Archive for Thursday, June 19, 2003

Pedal powered tourism

June 19, 2003

When 12-year-old Ali Wilcox and her father, Ed, were mapping out plans for the summer, they decided it would be fun to take a trip across Kansas.

They got what they wanted -- traveling from the Colorado border to the Missouri border without once stopping to fill up for gasoline.

The father-daughter team participated in the 2003 Biking Across Kansas ride June 7-14. The event is an annual ride for cyclists to travel across state powered only by their legs and motivation. Riders travel between 50 to 80 miles per day.

The ride started at the Colorado line west of Syracuse. Although they had trained in the De Soto area and around Eudora, Ed said the length of the first day kept him on edge.

"The first day when we went back to Garden City, it was about 70 miles," he said. "It was very cold and windy. That was the day I was pretty worried about. In our training we had never gone more than 55 miles."

As with all cycling on highways, the event's bikers were at risk from traffic. That, Ed said, was his biggest concern as he tried to keep an eye out for himself and his daughter.

"You have to be very conscious of what's behind you," he said. "There a long stretch where you couldn't get away from the rumble strips and there were tons of semi's going past us. That was scary."

But did the heavy traffic on a Kansas highway with vehicles zipping by at high speeds scare 12-year-old Ali?

"Not really," she said.

"I was," Ed said, laughing. "I was terrified."

Cyclists were supported by pit stops along the planned routes of the journey. Riders explored rural towns and visit ed diners, museums and other highlights of being on the road.

Ali said at times, the stops were the most enjoyable part of the experience.

"Some days it was boring because all you would see were wheat fields after wheat fields," she said. "It was smelly because of all the feedlots."

Both father and daughter said the open road left a lot of time to consider the answers to deep questions, such as:

"What's for lunch?" Ali said.

"When are we going to stop for lunch?" Ed added.
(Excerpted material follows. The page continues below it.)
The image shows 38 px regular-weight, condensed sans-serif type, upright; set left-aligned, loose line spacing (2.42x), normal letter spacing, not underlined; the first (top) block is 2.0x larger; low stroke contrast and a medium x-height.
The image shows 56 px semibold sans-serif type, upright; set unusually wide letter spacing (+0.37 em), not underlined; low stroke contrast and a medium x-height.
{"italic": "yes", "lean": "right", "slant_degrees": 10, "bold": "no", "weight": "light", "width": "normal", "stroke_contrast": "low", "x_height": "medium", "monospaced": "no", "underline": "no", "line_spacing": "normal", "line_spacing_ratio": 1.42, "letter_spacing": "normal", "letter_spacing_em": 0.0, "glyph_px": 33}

Bikers stayed mostly in school gymnasiums each night with sleeping bags, although some camped out with tents. A truck loaded with luggage hauled the items from each town, giving bikers the freedom needed to ride with few worries. They were on their own for their main meals, but the scheduled stops provided opportunities to interact with new people and see some of the highlights unique to Kansas.

Ed said one of the greatest things about the ride was that it showed his daughter a little bit more about Kansas and gave her a sense of what the world holds.
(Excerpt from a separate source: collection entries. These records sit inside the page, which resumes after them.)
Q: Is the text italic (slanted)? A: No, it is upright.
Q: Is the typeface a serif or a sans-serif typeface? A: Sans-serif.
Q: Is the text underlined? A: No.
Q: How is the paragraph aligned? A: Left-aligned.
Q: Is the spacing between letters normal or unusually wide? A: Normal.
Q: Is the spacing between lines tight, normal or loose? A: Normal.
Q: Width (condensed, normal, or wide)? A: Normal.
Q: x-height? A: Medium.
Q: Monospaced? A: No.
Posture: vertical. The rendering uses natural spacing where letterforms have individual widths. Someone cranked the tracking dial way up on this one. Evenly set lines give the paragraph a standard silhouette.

"I grew up in Minneapolis, Kan., and it's a real small town," he said. "Most of the kids around here don't have a clue about what the rest of the state is like. I think it's good to see the rest of the state and know it's not all like Johnson County."

And, he said, like any other sport, there is great fulfillment knowing what challenges you could overcome.

"I guess it's enough of a physical challenge that it's nice to know that you can do it -- or that you did it."